• _Work instructions_
Return every line of the data below exactly, but do not include the images.

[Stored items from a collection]
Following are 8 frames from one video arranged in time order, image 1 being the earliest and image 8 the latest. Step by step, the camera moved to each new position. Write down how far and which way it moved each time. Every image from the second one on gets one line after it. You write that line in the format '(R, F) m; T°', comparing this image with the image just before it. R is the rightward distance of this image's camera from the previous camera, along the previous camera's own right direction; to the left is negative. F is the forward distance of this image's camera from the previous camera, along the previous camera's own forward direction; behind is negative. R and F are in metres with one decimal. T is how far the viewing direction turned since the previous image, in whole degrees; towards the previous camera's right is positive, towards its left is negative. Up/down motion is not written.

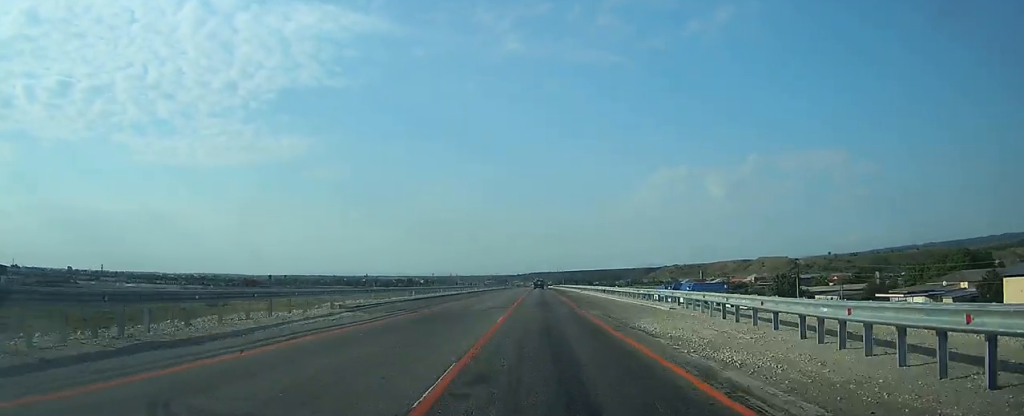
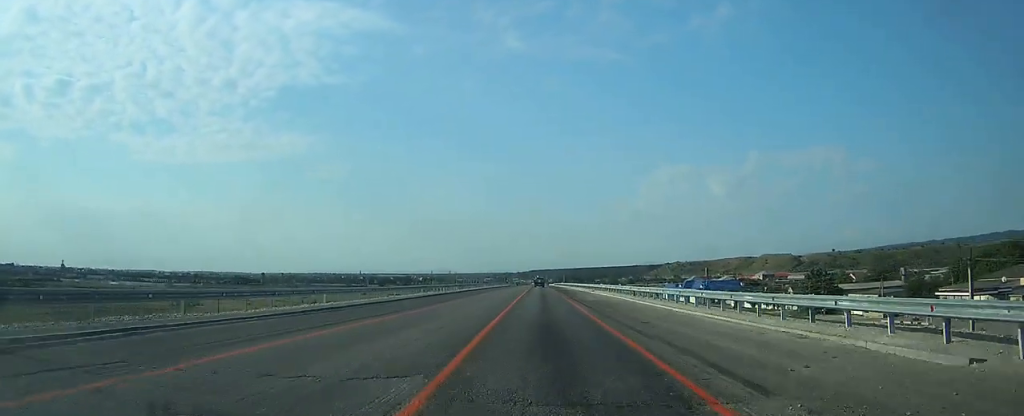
(+0.1, +20.4) m; 0°
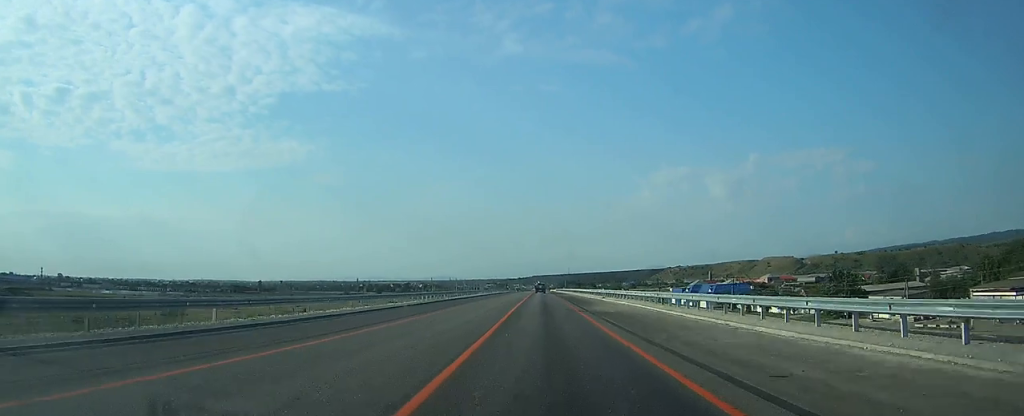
(+0.1, +10.2) m; 0°
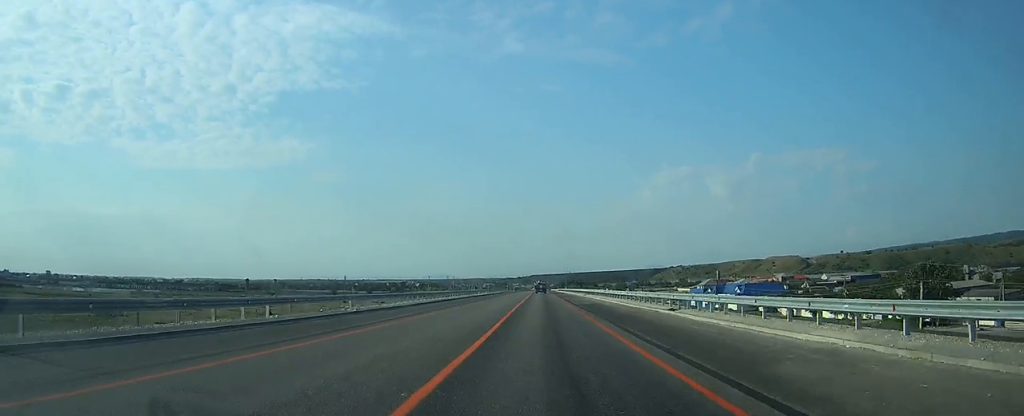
(+0.1, +32.1) m; 0°
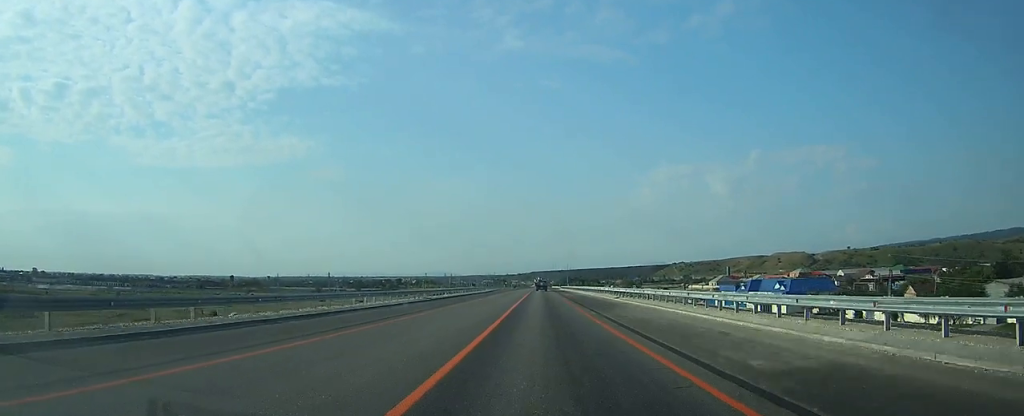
(0.0, +35.3) m; 0°
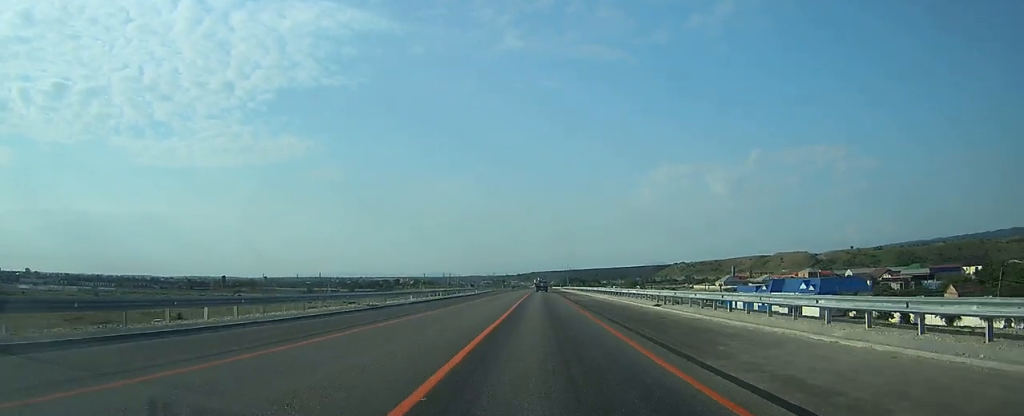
(0.0, +17.3) m; 0°
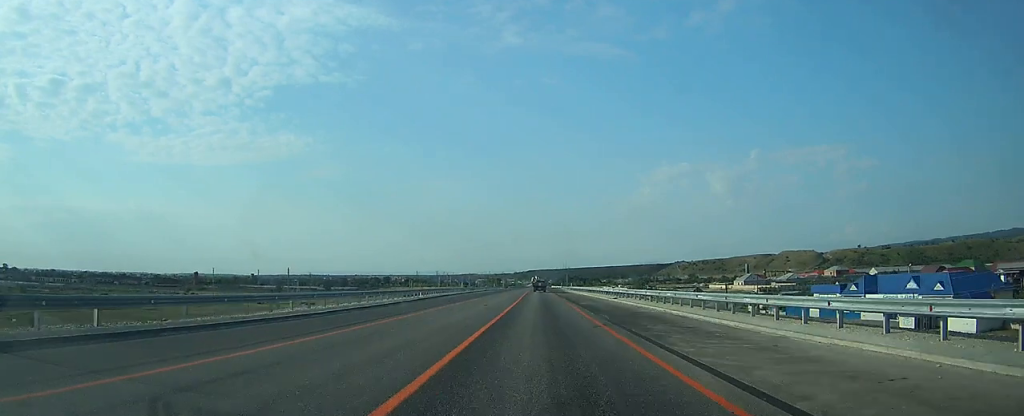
(0.0, +49.2) m; 0°
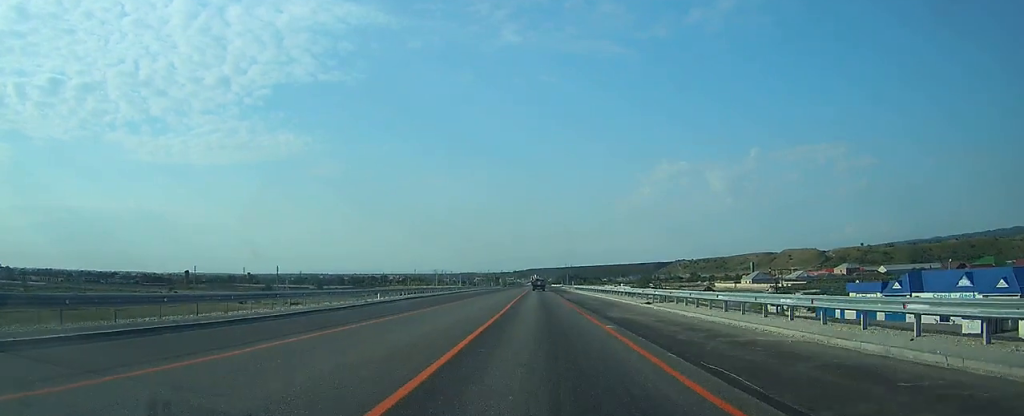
(0.0, +15.4) m; 0°

• _Reply_
Following are 8 frames from one video arranged in time order, image 1 being the earliest and image 8 the latest. Step by step, the camera moved to each new position. Write down how far and which way it moved each time. Every image from the second one on gets one line after it. You write that line in the format '(R, F) m; T°', comparing this image with the image just before it. R is the rightward distance of this image's camera from the previous camera, along the previous camera's own right direction; to the left is negative. F is the forward distance of this image's camera from the previous camera, along the previous camera's own forward direction; behind is negative. R and F are in metres with one decimal. T is how far the viewing direction turned since the previous image, in whole degrees; towards the previous camera's right is positive, towards its left is negative. Up/down motion is not written.

(+0.1, +20.4) m; 0°
(+0.1, +10.2) m; 0°
(+0.1, +32.1) m; 0°
(0.0, +35.3) m; 0°
(0.0, +17.3) m; 0°
(0.0, +49.2) m; 0°
(0.0, +15.4) m; 0°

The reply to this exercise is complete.